In course of a seminar on “Selected Topics in Human Language Technology and Pattern Recognition”, I wrote a seminar paper on neural networks: "Introduction to Neural Networks". The seminar paper and the slides of the corresponding talk can be found in my blog article: [Seminar Paper “Introduction to Neural Networks”](http://davidstutz.de/seminar-paper-introduction-neural-networks/). Background on neural networks and the two-layer perceptron can be found in my seminar paper.

## MNIST Dataset

The [MNIST dataset](http://yann.lecun.com/exdb/mnist/) provides a training set of 60,000 handwritten digits and a validation set of 10,000 handwritten digits. The images have size 28 x 28 pixels. Therefore, when using a two-layer perceptron, we need 28 x 28 = 784 input units and 10 output units (representing the 10 different digits).
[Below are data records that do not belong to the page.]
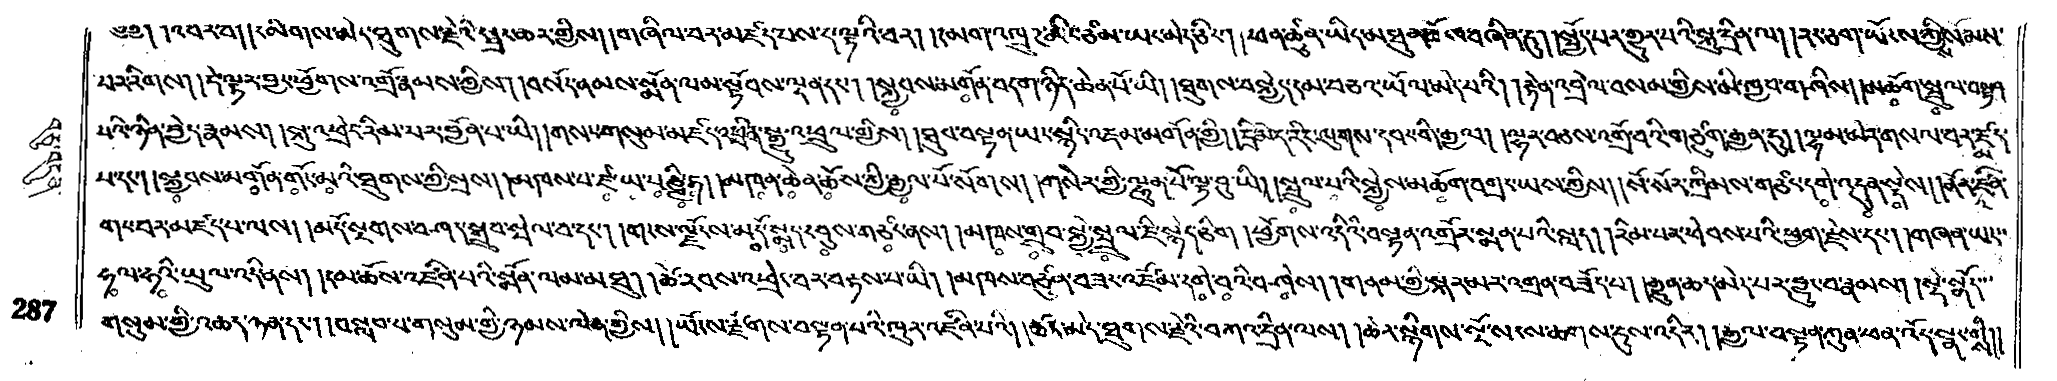༄༅། །འབར་བ། །དམིགས་མེད་ཐུགས་རྗེའི་སྦྲང་ཆར་གྱིས། །གཞིལ་བར་མཛད་པས་ད་ལྟའི་བར། །དམག་འཁྲུང་མིང་ཙམ་ཡང་མེད་ཅིང་། །ཕན་ཚུན་ཡིད་མཐུན་ཆོས་བཞིན་དུ། །སྤྱོད་པར་གྱུར་པའི་སྐུ་དྲིན་ལ། །རང་ཅག་ཡོངས་ཀྱིས་སོམས་
པར་རིགས། །དེ་ལྟར་བྱང་ཕྱོགས་འགྲོ་རྣམས་ཀྱིས། །བསོད་ནམས་སྨོན་ལམ་སྟོབས་ལྡན་དང་། །སྐྱབས་མགོན་བདག་ཉིད་ཆེན་པོ་ཡི། །ཐུགས་བསྐྱེད་དམ་བཅའ་ཡོལ་མེད་པའི། །རྟེན་འབྲེལ་བསམ་གྱིས་མི་ཁྱབ་གཤིས། །མཆོག་སྤྲུལ་བསྟན།
པའི་ཉིན་བྱེད་རྣམས། །སྐུ་འཕྲེང་རིམ་པར་བྱོན་པ་ཡི། །གསང་གསུམ་མཛད་འཕྲིན་སྒྱུ་འཕྲུལ་གྱིས། །ཐུབ་བསྟན་ཡང་སྙིང་འཇམ་མགོན་གྱི། །དྲི་མེད་རིང་ལུགས་དབང་གི་རྒྱལ། །ལྷར་བཅས་འགྲོ་བའི་གཙུག་རྒྱན་དུ། །ལྷམ་མེར་གསལ་བར་མཛད་
པ་དང་། །སྐྱབས་མགོན་གོང་མའི་ཐུགས་ཀྱི་སྲས། །མཁས་པ་ཛ་ཡ་པཎྚི་ཏ། །མཁན་ཆེན་ཆོས་ཀྱི་རྒྱལ་པོ་སོགས། །གསེར་གྱི་ལྷུན་པོ་ལྟ་བུ་ཡི། །སྤྲུལ་པའི་སྐྱེས་མཆོག་བགྲང་ཡས་ཀྱིས། །སོ་སོར་ཁྲིམས་གཙང་དགེ་འདུན་སྡེས། །ནོར་འཛིན་
གང་བར་མཛད་པ་ལས། །མདོ་སྔགས་བཤད་སྒྲུབ་སྤེལ་བ་དང་། །གངས་ལྗོངས་མདོ་སྨད་དབུས་གཙང་ནས། །མཁས་གྲུབ་སྐྱེ་སྤྲུལ་ཇི་སྙེད་ཅིག །ཕྱོགས་འདིའི་བསྟན་འགྲོར་སྨན་པའི་སླད། །རིམ་པར་ཕེབས་པའི་ཕྱག་རྗེས་དང་། །གཞན་ཡང་།
ཧལ་ཧའི་ཡུལ་འདི་ནས། །དམ་ཆོས་འཛིན་པའི་སྨོན་ལམ་མཐུ། །ཚེ་རབས་འཕྲེང་བར་བརྟས་པ་ཡི། །མཁས་བཙུན་བཟང་འཛོམ་དགེ་བའི་བཤེས། །གནམ་གྱི་སྐར་མར་འགྲན་བཟོད་པ། །རྒྱུན་ཆད་མེད་པར་བྱུང་བ་རྣམས། །སྡེ་སྣོད་
གསུམ་གྱི་འཆད་ཉན་དང་། །བསླབ་པ་གསུམ་གྱི་ཉམས་ལེན་གྱིས། །ཡོངས་རྫོགས་བསྟན་པའི་ཁུར་འཛིན་པའི། །ཚང་མེད་ཐུགས་རྗེའི་བཀའ་དྲིན་ལས། །ཆེར་སྙིགས་སྔོ་སངས་ཆགས་དུས་འདིར། །རྒྱལ་བསྟན་ཀུན་ཕན་འོད་སྣང་གིས།།

The methods `loadMNISTImages` and `loadMNISTLaels` are used to load the MNIST dataset as it is stored in a special file format. The methods can be found online at [http://ufldl.stanford.edu/wiki/index.php/Using_the_MNIST_Dataset](http://ufldl.stanford.edu/wiki/index.php/Using_the_MNIST_Dataset).

## Methods and Usage

The main method to train the two-layer perceptron is `trainStochasticSquaredErrorTwoLayerPerceptron`. The method applies stochastic training (or to be precise a stochastic variant of mini-batch training) using the sum-of-squared error function and the error backpropagation algorithm.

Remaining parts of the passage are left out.